NASA and SpaceX aren't the only players in the Mars colonisation game, with the United Arab Emirates (UAE) having just outlined an ambitious plan of its own: to build a city the size of Chicago on the Red Planet.

While US interests are intent on shipping us to Mars within the next two decades, the UAE is taking a decidedly more long-term view, with its "Mars 2117" project set to design, build, and populate a human colony on Mars over the course of the next 100 years.

Announcing the plan at the World Government Summit in Dubai on Tuesday, UAE vice president and ruler of Dubai, Sheikh Mohammed bin Rashid Al Maktoum, described Mars 2117 as an ongoing UAE effort to develop scientific knowledge until Mars colonisation is possible, with the help of international partners.

"The new project is a seed that we plant today, and we expect future generations to reap the benefits, driven by its passion to learn to unveil a new knowledge," said Sheikh Mohammed.

"The landing of people on other planets has been a longtime dream for humans.

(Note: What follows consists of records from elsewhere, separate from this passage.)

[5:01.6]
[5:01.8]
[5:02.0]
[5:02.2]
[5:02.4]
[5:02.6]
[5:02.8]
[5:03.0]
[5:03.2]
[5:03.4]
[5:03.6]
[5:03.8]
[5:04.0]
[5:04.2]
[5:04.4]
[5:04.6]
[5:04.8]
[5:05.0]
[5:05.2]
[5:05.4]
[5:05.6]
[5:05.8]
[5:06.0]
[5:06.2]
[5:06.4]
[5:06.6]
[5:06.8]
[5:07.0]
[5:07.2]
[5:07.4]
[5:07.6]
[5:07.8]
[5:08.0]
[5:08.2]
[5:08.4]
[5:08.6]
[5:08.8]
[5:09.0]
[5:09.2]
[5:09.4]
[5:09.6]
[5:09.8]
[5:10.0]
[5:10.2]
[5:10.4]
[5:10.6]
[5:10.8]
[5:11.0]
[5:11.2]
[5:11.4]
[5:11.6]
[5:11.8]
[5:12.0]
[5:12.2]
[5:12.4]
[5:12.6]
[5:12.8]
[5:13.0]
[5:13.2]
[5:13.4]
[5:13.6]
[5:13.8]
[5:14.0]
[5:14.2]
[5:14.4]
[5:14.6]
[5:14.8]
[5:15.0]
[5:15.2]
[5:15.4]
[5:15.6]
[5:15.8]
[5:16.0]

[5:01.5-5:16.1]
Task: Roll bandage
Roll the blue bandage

Our aim is that the UAE will spearhead international efforts to make this dream a reality."

While hard details on the initiative are thin on the ground right now, it's a serious plan, following the UAE's existing commitment to launch its 'Hope' space probe in 2020, to orbit and study the Red Planet until at least 2023.

Obviously, Mars 2117 is a much more ambitious project, and while the primary focus of the plan for now is to invest in and develop science education infrastructure in the UAE, those behind the plan have also unveiled their vision of what their Mars colony might one day look like.

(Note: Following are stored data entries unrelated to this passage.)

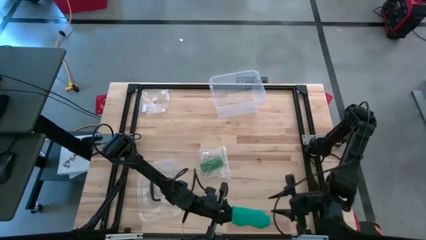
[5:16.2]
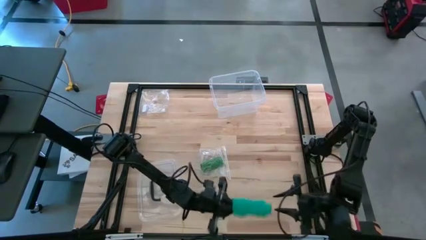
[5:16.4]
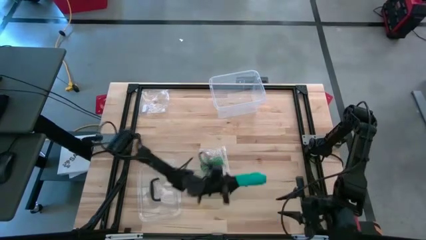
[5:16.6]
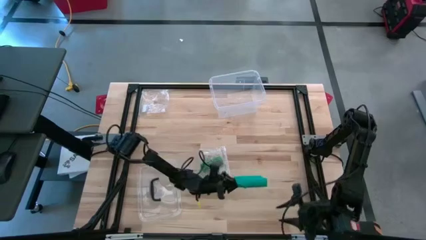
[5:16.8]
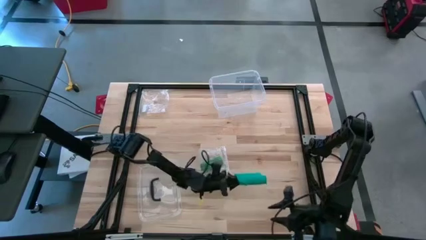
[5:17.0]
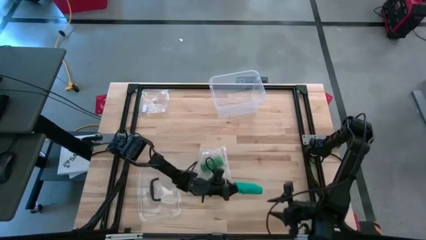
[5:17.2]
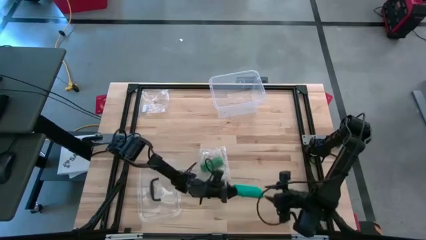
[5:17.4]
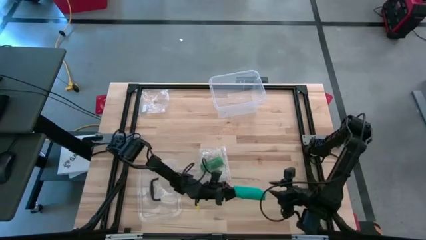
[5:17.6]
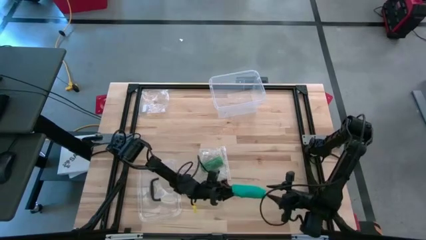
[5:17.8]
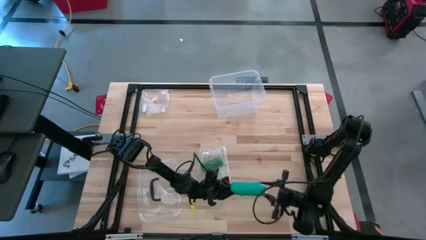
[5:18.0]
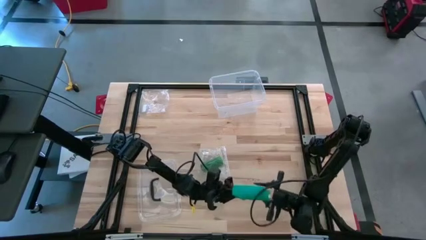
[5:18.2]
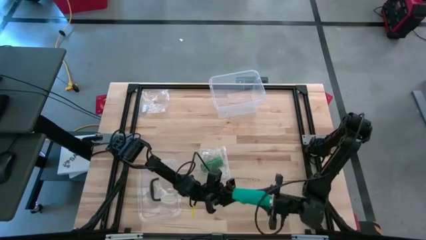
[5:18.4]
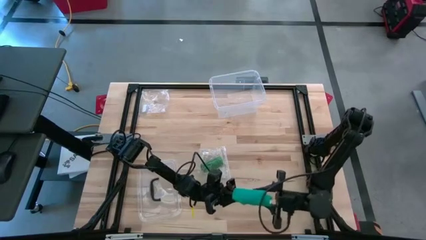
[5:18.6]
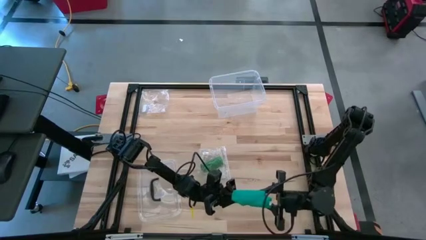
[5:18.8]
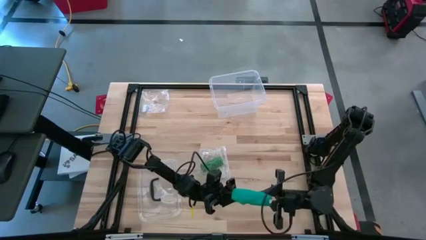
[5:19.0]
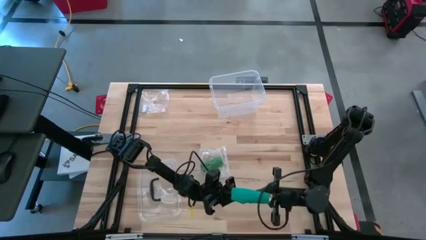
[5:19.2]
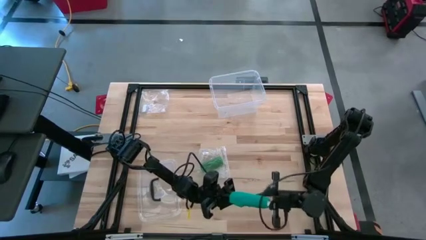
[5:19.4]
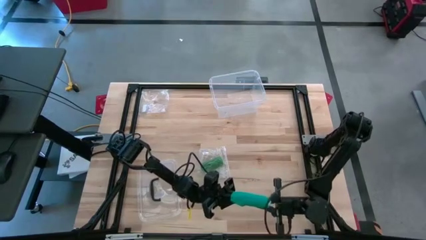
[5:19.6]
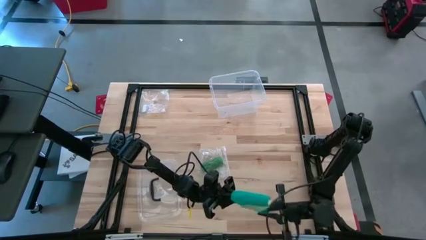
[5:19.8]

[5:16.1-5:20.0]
Roll the blue bandage

"The city is roughly the size of Chicago. It has a population of 600,000," the manager of the scientific and research committee at the World Government Summit, Saeed Al Gergawi, told CNBC.

"We came up with that number because it's like someone going to an exotic island. Not everyone can go first, then we get advancement of rocket tech, which makes people move there easily, then the advancement of oxygen tech to make it more Earth-like, which would incentivise people."

While Mars 2117 still has a lot of fine details to figure out – they have a century to work on it, after all – the long-term delivery of the UAE plan may actually be a heck of a lot more realistic than other dreams we've been sold of getting to the Red Planet.

Elon Musk made a lot of headlines when he teased his own pitch for Mars exploration last year, suggesting that SpaceX's Interplanetary Transport System (ITS) could begin flights to the Red Planet as soon as 2023.

But while we love Musk's vision, critics say SpaceX doesn't have the funds to deliver.

"It's unlikely that [Musk] will be able to get humans on Mars by 2025," former director of the Space Policy Institute at George Washington University John Logsdon told the AFP in September.

"Bottom line is the cost. You're talking of tens of billions of dollars, and SpaceX doesn't have that type of money."

Another high-profile Mars venture called Mars One has said it will get colonists to the Red Planet by 2032. But many have argued that the organisation lacks the funding, manpower, and expertise to pull off the feat.

So if private companies can't afford the level of investment that an ongoing Mars colonisation might entail, the best bet might still be governmental space agencies.

For its part, NASA says that its next-generation rocket – the Space Launch System (SLS) – has what it takes to get humans to Mars, but the mission has been hamstrung by funding issues since first announced in 2004.

Hopefully, that could all be about to change, with then-President Obama in October 2016 pledging that NASA would reach Mars by the 2030s – a prospect that could be even more likely now, given NASA is looking into accelerating the process of getting astronauts into space on board the SLS.

That could be our best bet of getting boots on the ground on the Red Planet in the near term, but as for a long-lasting colony? Mars 2117 just might be it.